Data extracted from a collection
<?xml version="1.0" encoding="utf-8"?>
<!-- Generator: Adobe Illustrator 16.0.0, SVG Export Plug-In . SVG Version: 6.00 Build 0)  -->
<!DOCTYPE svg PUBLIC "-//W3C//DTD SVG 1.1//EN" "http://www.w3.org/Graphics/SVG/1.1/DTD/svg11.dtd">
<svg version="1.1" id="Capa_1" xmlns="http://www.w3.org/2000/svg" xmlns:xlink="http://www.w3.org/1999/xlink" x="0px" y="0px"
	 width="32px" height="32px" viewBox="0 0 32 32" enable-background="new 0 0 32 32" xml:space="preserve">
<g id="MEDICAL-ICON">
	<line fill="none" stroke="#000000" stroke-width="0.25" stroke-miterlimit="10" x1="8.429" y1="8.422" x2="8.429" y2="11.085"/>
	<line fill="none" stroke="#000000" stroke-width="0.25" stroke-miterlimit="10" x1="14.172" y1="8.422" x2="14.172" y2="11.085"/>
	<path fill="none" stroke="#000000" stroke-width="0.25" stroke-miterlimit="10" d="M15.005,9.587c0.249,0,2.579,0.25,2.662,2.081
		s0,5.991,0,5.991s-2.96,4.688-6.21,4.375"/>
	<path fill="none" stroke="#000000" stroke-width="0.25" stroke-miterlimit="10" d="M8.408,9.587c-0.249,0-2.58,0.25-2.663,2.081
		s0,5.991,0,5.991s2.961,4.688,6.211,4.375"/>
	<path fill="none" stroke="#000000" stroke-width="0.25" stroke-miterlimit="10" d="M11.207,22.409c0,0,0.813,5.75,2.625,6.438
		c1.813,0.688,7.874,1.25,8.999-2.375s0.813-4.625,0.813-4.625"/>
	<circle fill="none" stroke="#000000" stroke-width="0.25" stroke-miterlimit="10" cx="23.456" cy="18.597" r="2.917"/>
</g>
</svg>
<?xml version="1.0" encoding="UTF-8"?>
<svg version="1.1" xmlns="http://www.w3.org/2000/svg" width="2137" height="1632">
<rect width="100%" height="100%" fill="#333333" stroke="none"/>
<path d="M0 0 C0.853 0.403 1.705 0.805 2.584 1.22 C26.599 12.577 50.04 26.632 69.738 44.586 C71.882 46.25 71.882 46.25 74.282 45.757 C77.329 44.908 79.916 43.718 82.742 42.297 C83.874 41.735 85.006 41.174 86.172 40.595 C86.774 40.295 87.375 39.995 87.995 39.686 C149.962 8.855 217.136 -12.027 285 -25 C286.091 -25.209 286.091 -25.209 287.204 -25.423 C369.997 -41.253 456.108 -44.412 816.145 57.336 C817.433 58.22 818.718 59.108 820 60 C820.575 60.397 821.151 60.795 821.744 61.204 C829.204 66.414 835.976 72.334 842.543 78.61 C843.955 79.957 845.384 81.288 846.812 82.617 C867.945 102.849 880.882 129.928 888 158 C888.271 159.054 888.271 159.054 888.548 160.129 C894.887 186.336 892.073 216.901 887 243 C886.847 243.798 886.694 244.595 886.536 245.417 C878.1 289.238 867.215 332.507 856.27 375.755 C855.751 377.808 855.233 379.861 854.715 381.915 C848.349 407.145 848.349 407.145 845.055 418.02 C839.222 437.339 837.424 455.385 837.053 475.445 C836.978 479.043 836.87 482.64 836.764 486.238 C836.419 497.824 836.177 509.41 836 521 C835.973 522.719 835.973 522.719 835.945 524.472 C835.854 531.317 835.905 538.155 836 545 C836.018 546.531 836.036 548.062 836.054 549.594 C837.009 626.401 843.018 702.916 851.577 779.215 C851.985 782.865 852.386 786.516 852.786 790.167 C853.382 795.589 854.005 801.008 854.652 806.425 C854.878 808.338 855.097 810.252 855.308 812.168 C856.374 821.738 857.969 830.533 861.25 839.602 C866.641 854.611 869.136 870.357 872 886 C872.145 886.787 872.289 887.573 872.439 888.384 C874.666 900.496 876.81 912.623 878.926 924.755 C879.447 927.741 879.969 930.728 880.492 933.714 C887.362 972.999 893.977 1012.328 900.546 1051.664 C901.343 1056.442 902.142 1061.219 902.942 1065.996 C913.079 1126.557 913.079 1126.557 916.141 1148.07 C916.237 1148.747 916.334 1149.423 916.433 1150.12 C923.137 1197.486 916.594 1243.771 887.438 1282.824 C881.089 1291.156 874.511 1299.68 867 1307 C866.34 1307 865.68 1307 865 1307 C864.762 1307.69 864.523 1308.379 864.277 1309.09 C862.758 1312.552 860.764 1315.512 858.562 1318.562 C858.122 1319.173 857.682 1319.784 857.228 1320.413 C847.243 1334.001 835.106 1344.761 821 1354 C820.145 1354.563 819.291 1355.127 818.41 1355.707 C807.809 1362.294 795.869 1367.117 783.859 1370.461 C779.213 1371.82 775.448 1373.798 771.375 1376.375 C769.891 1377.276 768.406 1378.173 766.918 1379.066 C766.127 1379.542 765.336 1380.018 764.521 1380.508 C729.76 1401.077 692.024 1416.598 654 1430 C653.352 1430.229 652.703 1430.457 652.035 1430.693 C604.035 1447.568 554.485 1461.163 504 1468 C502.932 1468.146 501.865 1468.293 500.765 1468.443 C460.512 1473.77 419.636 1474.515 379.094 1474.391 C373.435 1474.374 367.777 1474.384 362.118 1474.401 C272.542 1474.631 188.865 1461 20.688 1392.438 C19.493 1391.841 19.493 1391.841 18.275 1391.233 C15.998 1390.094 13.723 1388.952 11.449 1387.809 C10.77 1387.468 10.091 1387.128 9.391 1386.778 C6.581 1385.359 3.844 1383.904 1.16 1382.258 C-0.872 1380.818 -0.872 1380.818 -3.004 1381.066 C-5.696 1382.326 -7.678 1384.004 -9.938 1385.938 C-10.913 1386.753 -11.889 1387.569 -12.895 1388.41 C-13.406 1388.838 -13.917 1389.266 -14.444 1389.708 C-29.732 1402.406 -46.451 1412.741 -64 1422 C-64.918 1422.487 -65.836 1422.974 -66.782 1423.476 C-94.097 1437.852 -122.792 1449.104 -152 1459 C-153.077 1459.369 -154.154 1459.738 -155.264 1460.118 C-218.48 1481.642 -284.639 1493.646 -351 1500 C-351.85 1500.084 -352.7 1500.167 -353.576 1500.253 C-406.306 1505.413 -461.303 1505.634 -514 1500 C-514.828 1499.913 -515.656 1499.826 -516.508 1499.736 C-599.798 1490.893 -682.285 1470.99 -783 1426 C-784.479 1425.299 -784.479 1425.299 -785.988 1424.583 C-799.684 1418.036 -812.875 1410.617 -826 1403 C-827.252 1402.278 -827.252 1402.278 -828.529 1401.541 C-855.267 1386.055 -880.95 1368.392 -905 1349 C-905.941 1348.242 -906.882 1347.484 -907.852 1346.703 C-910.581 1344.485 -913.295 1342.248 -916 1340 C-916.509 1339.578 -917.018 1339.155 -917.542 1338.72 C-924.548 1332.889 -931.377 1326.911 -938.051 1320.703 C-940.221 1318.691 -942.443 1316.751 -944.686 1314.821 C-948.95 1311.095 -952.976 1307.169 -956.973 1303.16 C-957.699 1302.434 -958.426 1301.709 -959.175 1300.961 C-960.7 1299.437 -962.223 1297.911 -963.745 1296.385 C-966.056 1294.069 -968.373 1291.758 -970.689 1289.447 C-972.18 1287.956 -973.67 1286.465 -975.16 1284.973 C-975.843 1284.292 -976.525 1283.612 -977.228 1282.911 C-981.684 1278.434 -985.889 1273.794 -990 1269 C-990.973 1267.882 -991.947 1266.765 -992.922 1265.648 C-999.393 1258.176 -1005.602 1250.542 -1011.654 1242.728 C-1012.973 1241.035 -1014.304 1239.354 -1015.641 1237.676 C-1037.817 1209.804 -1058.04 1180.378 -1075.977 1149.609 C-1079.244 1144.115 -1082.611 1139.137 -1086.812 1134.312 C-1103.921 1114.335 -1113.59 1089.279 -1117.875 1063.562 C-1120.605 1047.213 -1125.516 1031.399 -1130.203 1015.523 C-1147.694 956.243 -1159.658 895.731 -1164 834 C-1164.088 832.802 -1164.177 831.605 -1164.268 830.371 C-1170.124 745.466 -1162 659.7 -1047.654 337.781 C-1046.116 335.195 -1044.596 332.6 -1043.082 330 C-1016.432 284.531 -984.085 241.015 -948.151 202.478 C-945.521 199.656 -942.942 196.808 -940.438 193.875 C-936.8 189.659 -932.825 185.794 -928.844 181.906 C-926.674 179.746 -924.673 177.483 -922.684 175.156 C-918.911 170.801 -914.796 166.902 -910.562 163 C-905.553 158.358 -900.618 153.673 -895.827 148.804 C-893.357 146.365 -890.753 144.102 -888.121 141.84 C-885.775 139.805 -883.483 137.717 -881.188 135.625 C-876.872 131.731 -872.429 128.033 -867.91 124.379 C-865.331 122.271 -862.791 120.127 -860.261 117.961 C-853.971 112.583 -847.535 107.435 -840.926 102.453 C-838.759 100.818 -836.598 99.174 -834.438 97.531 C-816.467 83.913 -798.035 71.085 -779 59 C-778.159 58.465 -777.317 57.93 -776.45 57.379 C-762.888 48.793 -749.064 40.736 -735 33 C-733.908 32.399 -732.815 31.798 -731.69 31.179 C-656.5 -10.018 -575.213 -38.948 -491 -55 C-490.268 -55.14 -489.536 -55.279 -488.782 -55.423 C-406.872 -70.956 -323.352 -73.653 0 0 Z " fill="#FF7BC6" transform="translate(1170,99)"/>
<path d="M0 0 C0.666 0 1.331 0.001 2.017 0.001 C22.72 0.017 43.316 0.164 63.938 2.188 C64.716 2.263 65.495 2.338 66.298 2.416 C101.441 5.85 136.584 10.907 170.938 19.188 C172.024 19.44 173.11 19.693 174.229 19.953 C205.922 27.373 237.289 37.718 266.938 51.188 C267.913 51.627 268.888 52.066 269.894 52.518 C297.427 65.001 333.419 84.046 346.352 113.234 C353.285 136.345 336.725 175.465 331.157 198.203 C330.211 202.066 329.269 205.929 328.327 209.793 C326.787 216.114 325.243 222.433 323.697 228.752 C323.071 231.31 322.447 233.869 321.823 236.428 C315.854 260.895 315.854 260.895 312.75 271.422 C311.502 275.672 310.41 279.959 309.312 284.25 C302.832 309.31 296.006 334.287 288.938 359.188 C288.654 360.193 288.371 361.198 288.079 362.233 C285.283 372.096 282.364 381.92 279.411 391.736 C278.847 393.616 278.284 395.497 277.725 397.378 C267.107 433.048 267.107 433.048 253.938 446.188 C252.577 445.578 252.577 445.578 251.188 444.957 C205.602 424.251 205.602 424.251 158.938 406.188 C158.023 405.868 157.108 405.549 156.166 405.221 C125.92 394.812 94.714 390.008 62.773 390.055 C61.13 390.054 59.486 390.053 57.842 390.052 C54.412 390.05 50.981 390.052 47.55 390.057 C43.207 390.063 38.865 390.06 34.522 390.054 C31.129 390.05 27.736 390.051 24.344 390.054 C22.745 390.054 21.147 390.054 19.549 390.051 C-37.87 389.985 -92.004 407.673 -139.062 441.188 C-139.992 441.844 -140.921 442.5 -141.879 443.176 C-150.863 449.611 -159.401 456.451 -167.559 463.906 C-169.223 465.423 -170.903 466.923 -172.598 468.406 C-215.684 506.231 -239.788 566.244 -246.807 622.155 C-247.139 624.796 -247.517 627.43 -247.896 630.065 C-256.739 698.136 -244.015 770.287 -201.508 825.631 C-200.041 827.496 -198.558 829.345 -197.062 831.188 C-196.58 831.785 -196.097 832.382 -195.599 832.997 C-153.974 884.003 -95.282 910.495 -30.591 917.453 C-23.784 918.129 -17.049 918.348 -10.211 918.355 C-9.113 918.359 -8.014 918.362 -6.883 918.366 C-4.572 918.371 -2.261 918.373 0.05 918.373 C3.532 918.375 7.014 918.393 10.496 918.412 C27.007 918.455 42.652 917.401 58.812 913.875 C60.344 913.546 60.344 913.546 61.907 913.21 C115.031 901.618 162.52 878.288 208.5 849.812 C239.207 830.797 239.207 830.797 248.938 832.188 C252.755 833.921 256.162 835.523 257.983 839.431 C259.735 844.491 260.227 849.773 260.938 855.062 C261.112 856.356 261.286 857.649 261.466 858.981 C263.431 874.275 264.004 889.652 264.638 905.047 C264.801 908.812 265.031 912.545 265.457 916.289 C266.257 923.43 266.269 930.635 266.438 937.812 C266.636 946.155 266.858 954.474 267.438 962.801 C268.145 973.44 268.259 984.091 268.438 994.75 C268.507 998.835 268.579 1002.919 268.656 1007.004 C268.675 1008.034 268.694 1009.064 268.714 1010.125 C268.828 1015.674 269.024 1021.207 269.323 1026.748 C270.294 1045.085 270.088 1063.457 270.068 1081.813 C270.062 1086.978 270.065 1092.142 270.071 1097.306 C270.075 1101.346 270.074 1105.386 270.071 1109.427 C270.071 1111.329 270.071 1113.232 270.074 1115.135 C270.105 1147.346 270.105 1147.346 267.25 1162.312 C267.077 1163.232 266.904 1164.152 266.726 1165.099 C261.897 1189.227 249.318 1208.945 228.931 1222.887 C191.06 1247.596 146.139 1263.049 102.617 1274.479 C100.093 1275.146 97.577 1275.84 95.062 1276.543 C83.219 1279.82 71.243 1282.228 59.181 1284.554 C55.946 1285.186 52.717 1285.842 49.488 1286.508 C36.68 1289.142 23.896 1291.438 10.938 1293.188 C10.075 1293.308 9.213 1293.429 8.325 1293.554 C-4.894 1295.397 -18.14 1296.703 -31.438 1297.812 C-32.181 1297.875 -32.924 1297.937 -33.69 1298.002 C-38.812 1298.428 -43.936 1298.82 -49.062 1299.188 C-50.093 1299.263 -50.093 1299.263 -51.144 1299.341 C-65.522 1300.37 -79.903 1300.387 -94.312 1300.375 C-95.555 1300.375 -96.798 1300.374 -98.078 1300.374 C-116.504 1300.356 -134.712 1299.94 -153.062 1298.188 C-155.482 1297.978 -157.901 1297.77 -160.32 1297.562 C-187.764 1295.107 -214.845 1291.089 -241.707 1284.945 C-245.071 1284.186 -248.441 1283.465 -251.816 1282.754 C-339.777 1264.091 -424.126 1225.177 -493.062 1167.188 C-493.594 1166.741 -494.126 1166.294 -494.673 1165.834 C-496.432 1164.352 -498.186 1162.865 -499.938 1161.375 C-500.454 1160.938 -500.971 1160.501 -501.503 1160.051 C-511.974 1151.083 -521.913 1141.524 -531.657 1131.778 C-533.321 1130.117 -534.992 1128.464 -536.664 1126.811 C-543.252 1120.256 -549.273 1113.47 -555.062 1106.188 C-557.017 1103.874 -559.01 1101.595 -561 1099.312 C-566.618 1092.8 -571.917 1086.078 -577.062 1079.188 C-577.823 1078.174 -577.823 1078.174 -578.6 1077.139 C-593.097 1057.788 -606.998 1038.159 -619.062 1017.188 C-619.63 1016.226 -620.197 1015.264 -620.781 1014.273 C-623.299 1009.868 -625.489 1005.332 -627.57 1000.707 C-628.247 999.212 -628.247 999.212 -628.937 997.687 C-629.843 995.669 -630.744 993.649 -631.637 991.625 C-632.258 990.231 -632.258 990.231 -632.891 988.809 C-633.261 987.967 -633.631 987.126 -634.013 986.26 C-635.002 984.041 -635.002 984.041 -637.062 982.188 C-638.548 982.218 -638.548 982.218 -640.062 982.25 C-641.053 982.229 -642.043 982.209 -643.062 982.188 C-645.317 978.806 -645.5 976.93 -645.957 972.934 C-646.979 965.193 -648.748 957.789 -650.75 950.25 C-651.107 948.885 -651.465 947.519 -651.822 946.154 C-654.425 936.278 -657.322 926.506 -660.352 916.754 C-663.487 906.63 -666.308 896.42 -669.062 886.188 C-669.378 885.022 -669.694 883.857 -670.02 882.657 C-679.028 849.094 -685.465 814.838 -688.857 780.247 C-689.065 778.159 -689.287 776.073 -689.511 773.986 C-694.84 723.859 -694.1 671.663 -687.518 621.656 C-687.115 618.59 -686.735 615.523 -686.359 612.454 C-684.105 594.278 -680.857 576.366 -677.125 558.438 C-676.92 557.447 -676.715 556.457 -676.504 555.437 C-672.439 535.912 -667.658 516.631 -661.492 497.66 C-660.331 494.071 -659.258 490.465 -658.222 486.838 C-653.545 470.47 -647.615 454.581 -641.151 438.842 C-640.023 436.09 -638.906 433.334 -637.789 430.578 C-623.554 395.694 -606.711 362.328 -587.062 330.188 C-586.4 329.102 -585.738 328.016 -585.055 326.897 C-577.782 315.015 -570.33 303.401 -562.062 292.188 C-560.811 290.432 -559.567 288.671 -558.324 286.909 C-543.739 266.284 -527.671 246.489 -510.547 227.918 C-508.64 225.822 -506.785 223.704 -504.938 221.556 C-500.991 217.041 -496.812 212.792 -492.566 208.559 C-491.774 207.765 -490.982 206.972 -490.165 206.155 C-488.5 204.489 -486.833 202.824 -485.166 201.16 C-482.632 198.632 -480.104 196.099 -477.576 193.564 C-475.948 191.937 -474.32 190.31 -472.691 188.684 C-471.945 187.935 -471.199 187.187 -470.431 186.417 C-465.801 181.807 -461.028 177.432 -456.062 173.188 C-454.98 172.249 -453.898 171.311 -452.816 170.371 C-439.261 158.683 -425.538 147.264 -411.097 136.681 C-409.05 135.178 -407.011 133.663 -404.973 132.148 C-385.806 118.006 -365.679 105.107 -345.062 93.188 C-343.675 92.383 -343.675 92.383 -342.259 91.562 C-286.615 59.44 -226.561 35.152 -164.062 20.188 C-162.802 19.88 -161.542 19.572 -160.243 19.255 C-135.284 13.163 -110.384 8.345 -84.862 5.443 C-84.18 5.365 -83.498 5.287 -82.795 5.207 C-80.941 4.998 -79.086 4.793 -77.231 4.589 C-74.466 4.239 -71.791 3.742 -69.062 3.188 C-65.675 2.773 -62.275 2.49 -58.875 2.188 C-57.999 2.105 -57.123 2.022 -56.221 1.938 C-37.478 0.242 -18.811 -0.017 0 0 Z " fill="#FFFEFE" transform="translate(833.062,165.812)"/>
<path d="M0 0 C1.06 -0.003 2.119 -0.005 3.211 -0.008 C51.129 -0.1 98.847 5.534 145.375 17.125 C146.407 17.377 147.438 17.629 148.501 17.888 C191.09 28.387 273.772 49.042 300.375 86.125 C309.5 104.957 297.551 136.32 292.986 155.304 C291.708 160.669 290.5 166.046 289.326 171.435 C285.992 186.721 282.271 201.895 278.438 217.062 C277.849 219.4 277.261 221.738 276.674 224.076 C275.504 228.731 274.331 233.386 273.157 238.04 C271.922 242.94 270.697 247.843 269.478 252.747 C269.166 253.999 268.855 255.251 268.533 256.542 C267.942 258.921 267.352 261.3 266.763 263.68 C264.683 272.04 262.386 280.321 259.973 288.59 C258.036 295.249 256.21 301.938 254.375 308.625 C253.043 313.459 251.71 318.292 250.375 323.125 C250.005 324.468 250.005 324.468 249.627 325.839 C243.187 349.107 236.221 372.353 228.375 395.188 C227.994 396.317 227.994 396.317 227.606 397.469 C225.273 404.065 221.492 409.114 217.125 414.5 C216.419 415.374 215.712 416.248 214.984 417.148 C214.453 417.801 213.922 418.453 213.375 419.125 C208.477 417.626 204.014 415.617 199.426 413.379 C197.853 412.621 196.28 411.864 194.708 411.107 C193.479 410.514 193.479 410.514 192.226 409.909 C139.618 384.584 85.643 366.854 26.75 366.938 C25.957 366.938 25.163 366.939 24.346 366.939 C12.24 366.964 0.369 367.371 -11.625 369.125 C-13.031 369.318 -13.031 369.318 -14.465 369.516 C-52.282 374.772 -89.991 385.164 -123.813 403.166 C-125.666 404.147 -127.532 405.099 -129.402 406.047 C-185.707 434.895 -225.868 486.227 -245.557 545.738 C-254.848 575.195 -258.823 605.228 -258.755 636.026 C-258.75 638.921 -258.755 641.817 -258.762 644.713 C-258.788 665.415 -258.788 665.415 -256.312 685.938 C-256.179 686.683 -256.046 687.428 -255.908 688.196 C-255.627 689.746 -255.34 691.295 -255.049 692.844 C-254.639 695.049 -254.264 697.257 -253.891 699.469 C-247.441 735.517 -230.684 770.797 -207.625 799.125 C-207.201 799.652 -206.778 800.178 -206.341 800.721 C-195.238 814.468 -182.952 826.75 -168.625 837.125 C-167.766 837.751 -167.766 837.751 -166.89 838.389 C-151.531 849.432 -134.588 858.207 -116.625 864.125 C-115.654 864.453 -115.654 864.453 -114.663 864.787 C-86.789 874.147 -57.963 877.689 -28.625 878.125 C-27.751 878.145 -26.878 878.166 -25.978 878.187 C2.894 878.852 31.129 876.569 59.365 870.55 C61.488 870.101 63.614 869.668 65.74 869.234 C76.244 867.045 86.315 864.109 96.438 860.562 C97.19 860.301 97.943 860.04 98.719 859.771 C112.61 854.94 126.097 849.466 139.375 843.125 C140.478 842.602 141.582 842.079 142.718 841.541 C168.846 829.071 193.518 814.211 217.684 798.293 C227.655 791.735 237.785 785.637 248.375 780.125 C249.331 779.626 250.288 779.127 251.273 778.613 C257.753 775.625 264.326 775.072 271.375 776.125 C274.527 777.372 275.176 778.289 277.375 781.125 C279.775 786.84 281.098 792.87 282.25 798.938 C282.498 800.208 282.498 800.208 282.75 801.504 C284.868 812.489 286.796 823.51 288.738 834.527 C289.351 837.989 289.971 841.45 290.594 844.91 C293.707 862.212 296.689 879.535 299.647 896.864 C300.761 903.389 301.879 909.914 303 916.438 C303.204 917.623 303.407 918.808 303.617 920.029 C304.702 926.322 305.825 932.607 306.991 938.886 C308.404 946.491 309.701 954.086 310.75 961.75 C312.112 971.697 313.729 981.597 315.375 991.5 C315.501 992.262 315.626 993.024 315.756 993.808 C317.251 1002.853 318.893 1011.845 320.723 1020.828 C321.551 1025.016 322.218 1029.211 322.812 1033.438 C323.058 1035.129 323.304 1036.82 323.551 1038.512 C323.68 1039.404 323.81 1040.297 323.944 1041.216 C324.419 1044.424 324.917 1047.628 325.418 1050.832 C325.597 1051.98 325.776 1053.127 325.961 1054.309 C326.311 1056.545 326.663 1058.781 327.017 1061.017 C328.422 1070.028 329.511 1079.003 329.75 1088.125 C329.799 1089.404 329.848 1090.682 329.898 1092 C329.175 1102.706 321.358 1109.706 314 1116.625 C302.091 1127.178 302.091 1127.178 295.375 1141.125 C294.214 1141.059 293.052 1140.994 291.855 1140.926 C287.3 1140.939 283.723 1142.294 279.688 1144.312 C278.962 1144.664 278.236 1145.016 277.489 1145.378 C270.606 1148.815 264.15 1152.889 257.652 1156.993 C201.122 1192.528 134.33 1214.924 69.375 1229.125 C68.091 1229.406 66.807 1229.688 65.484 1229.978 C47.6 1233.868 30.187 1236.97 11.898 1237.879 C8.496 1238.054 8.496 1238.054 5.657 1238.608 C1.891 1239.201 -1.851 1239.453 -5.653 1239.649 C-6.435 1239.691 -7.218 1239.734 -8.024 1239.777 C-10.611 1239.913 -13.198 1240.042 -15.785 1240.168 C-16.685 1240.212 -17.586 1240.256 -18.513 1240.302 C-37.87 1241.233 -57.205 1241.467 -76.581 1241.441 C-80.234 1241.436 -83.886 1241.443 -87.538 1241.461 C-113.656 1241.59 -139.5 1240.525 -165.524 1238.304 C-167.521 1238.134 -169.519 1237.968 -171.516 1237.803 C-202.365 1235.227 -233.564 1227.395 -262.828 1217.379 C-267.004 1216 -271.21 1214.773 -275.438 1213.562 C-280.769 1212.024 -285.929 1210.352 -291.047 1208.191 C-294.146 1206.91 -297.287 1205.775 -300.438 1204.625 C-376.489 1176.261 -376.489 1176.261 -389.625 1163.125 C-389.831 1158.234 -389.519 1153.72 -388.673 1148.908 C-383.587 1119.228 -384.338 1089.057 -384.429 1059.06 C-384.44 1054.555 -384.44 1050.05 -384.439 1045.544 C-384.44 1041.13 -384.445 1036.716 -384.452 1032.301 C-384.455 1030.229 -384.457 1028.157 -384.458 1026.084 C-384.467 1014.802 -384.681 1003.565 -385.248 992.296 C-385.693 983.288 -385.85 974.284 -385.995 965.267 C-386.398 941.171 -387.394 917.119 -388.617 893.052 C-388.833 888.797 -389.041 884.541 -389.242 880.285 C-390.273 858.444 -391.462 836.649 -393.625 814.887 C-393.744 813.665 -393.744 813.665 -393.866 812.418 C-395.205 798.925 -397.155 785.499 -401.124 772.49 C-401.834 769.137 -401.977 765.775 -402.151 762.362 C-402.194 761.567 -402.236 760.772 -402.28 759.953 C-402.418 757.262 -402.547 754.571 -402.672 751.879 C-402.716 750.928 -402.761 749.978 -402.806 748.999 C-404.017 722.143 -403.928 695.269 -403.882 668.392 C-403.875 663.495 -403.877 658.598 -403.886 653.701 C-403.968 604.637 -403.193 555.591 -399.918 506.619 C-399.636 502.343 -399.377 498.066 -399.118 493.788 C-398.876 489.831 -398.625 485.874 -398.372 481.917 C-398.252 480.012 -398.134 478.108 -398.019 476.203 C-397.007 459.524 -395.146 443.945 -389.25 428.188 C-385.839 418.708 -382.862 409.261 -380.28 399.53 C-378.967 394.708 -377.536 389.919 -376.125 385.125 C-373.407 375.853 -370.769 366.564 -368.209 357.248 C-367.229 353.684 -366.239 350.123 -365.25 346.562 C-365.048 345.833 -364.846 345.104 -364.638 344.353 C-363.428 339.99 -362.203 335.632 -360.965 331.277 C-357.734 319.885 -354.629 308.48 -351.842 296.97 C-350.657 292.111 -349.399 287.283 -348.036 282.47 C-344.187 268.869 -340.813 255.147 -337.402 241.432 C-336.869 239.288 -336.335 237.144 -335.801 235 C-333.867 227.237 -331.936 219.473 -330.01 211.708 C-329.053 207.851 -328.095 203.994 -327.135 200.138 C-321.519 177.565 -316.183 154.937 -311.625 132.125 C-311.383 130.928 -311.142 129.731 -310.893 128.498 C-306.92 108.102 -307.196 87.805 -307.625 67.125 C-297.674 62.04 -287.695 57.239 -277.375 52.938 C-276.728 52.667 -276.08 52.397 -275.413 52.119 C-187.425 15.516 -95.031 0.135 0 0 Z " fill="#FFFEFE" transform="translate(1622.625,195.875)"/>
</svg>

» Work instruction
Wherever the string "encoding" appears in the data above, copy the line it sits in.

» Output of the task
<?xml version="1.0" encoding="utf-8"?>
<?xml version="1.0" encoding="UTF-8"?>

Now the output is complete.